Step 5: Write the particular solution.

Substituting $C=1$ back into the general solution: $f(x) \cdot (1+\cos^2 x) = -\cos x + 1$ Solving for $f(x)$: $f(x) = \frac{1-\cos x}{1+\cos^2 x}$

Step 6: Evaluate $f\left(\frac{\pi}{2}\right)$.
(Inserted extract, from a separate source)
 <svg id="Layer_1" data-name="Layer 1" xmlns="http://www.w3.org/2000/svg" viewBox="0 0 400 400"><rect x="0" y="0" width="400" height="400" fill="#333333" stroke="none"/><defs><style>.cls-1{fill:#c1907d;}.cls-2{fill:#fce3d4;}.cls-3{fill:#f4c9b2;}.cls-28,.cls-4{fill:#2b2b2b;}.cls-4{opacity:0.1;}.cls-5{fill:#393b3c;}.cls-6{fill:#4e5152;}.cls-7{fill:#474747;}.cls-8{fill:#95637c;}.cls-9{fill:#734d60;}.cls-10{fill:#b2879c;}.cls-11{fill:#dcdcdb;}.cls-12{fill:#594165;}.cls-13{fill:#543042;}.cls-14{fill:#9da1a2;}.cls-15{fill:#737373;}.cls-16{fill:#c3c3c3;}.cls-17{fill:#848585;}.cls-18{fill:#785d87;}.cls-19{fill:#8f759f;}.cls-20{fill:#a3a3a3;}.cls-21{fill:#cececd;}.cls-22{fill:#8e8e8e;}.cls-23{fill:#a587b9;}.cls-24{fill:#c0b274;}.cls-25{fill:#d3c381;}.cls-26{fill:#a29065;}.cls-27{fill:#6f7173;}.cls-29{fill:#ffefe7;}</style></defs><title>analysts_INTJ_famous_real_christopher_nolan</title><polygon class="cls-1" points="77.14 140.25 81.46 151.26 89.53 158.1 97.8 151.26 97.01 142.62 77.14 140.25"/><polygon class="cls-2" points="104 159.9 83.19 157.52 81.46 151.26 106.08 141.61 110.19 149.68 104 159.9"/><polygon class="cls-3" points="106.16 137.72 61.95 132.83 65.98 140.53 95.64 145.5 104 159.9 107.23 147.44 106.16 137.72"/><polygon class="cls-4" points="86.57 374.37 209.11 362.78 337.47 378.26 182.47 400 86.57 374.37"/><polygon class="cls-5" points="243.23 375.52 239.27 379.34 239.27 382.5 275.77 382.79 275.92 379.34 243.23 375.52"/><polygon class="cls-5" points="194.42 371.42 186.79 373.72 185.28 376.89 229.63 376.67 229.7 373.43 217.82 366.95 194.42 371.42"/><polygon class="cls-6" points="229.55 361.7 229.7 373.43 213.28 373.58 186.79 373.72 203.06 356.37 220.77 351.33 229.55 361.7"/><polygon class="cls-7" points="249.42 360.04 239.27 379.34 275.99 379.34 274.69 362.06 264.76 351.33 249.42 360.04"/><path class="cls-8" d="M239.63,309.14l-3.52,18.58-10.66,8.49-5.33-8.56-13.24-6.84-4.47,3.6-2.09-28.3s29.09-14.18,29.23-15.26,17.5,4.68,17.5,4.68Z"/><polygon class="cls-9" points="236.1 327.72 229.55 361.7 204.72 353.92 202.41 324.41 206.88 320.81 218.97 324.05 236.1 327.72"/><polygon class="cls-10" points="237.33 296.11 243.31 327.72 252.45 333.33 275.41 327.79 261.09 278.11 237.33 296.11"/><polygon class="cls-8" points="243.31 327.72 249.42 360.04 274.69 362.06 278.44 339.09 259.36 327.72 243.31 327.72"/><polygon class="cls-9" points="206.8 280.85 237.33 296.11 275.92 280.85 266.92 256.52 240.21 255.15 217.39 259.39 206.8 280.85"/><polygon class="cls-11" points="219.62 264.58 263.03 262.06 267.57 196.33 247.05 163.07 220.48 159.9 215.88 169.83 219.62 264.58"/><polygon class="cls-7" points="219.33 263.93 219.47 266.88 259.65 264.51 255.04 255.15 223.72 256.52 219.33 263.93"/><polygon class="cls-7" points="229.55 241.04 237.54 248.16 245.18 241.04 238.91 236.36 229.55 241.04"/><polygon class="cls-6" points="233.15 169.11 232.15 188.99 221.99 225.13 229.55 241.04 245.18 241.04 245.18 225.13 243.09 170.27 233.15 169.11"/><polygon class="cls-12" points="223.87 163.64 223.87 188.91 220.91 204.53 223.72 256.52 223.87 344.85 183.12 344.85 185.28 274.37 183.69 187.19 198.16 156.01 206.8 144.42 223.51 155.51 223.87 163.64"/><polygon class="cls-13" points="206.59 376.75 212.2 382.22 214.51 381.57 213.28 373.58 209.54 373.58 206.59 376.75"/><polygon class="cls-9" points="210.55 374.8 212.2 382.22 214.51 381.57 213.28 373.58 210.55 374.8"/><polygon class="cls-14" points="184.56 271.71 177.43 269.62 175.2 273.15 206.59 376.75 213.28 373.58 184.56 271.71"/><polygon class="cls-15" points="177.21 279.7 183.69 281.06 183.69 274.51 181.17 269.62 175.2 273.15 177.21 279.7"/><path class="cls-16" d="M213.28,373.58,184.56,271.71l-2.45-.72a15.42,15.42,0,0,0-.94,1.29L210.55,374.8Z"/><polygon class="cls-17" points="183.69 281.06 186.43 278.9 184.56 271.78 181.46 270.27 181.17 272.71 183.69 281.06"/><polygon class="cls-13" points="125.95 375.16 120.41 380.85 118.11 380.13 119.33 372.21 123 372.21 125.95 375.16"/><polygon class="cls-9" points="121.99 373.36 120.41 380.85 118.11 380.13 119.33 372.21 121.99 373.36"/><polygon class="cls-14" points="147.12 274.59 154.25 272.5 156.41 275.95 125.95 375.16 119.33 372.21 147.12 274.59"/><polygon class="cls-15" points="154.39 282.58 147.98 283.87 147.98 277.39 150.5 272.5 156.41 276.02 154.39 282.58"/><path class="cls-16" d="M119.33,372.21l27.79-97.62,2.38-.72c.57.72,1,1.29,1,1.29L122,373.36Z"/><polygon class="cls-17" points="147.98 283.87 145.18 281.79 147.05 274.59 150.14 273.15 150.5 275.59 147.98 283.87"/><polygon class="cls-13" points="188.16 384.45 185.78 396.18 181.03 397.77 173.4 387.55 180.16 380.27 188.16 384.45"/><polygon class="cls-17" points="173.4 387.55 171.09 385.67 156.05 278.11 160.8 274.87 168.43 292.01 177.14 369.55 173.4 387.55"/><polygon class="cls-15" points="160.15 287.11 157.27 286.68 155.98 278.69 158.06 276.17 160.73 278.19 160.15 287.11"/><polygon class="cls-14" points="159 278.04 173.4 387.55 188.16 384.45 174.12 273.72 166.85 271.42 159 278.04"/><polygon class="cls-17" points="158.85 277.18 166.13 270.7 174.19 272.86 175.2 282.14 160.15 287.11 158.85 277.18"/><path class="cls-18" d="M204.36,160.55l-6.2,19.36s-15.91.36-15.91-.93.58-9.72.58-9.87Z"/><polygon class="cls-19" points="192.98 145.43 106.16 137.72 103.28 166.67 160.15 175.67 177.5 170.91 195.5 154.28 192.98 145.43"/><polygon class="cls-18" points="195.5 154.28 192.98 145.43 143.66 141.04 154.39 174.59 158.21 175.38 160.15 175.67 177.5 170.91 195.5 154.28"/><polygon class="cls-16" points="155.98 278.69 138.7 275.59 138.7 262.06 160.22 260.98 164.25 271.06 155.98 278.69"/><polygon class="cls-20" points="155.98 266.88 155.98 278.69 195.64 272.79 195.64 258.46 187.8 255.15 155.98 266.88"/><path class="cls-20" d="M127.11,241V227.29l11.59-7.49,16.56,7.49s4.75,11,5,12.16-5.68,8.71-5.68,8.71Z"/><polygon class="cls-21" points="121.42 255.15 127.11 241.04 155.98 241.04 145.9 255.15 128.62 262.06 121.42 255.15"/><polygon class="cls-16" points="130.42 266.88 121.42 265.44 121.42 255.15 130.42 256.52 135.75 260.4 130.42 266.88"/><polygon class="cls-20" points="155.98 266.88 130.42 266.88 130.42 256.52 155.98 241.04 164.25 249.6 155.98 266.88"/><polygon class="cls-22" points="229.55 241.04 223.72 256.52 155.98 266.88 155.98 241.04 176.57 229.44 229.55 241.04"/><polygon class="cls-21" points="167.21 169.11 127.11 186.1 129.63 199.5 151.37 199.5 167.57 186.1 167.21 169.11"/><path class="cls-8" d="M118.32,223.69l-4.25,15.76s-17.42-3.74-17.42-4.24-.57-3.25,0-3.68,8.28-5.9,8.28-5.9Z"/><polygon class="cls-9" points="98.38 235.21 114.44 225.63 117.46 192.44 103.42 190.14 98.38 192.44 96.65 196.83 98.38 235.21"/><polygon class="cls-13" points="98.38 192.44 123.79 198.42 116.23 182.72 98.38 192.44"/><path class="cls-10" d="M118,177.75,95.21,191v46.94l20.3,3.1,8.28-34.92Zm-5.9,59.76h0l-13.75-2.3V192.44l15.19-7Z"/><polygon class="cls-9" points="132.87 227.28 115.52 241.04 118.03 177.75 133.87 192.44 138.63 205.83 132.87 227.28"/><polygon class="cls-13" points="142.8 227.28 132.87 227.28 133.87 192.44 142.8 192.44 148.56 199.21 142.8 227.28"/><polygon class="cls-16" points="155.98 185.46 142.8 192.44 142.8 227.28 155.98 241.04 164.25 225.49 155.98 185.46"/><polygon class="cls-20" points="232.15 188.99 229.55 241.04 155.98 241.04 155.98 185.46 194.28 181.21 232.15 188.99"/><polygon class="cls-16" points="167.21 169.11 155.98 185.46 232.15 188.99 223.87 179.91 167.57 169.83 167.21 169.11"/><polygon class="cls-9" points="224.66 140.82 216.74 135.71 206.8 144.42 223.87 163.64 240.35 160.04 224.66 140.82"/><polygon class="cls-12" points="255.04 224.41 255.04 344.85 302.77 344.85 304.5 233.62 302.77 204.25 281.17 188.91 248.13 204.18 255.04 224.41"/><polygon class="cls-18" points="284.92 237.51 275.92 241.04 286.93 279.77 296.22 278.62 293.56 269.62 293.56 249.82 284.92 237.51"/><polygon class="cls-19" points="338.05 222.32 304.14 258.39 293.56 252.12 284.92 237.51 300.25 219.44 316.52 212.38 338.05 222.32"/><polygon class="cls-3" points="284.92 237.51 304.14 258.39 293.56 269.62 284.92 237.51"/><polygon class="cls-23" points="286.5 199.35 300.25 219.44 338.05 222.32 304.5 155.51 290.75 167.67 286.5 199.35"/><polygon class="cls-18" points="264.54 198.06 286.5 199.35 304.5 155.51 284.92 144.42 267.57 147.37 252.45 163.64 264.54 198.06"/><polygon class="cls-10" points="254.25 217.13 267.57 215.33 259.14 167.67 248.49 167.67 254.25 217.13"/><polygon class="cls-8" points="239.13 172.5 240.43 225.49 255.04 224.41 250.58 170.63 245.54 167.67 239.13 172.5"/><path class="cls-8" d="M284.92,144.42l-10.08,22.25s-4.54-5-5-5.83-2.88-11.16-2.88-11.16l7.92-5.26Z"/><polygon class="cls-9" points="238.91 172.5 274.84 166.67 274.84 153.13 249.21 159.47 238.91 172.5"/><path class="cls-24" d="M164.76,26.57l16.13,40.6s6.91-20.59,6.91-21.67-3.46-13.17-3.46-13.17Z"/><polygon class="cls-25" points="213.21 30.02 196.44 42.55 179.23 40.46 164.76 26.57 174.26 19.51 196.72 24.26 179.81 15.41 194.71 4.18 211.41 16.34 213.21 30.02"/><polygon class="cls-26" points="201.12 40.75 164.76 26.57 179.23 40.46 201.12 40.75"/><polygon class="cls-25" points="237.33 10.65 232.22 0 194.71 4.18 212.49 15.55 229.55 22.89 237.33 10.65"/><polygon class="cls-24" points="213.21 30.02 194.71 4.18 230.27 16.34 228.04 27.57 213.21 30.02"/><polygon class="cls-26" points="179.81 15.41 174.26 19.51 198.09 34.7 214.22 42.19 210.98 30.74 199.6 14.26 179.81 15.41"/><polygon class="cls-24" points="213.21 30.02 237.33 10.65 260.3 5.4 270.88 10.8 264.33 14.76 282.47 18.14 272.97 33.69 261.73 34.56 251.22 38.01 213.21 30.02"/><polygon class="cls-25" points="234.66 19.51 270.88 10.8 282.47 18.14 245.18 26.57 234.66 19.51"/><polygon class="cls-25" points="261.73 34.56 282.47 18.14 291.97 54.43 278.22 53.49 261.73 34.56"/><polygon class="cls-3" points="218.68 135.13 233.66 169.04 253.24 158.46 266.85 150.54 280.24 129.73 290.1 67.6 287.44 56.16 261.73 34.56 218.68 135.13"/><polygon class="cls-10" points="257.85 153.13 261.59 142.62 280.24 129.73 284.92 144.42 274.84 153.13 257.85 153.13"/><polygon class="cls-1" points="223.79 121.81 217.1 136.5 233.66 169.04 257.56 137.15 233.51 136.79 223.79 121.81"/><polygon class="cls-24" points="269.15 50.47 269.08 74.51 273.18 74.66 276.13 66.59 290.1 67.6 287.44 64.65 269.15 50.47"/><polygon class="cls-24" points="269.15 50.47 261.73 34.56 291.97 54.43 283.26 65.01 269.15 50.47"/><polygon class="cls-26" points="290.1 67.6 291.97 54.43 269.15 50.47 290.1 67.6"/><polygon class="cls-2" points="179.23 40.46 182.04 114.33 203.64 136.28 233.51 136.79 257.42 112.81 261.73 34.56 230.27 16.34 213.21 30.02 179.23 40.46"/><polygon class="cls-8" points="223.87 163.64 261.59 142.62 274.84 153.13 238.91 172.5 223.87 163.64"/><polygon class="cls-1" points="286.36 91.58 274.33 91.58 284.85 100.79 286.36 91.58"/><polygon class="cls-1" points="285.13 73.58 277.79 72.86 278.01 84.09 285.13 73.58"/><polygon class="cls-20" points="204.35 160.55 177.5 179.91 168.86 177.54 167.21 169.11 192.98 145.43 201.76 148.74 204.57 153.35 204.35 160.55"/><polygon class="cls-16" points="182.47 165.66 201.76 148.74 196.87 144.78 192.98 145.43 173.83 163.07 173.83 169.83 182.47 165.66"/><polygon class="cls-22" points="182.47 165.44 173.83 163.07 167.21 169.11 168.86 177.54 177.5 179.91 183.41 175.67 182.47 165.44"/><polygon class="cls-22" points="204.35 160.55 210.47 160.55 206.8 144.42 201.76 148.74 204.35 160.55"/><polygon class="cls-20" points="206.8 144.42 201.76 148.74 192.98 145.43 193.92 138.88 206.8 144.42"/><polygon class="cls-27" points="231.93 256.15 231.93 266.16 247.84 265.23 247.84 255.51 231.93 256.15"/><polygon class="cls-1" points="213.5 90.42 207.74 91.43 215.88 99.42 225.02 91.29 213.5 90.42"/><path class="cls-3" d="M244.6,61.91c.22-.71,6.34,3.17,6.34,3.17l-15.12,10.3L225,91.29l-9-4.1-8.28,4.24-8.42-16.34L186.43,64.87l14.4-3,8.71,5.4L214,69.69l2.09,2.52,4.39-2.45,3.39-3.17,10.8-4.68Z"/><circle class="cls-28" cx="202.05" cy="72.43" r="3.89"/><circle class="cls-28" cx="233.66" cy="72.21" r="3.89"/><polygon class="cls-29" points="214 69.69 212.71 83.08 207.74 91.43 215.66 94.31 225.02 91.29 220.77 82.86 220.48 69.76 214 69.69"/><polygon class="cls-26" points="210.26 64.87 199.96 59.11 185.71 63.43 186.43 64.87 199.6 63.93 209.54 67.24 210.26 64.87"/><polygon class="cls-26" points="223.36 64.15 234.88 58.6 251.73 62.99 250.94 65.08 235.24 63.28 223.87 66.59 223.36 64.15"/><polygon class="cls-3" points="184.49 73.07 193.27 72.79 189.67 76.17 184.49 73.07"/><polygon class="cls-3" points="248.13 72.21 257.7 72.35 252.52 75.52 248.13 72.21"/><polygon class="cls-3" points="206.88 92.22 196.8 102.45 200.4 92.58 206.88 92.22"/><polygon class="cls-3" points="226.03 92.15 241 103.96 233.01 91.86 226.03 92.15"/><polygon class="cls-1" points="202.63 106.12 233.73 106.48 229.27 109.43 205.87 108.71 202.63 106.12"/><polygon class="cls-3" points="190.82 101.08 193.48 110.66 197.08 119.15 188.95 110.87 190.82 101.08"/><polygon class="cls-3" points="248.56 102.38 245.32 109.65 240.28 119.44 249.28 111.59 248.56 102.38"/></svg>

We need to find the value of the function at $x=\frac{\pi}{2}$. Substituting $x=\frac{\pi}{2}$ into the particular solution: $f\left(\frac{\pi}{2}\right) = \frac{1-\cos\left(\frac{\pi}{2}\right)}{1+\cos^2\left(\frac{\pi}{2}\right)}$ Since $\cos\left(\frac{\pi}{2}\right) = 0$: $f\left(\frac{\pi}{2}\right) = \frac{1-0}{1+0^2} = \frac{1}{1} = 1$

3. Common Mistakes & Tips

• Sign Errors: Be extremely careful with signs when rearranging the equation and calculating the integrating factor. A misplaced negative sign can lead to an incorrect solution.
• Integration Techniques: Remember common integration techniques like u-substitution. Recognizing patterns can significantly simplify the process.
• Initial Conditions: Don't forget to use the initial condition to find the constant of integration. This is crucial for obtaining the particular solution.

4. Summary

We solved the given differential equation by first rearranging it into standard form, then finding the integrating factor, and subsequently obtaining the general solution. We then used the initial condition $f(0)=0$ to find the particular solution. Finally, we evaluated the particular solution at $x = \frac{\pi}{2}$ to find that $f\left(\frac{\pi}{2}\right) = 1$.

5. Final Answer

The final answer is \boxed{1}, which corresponds to option (B).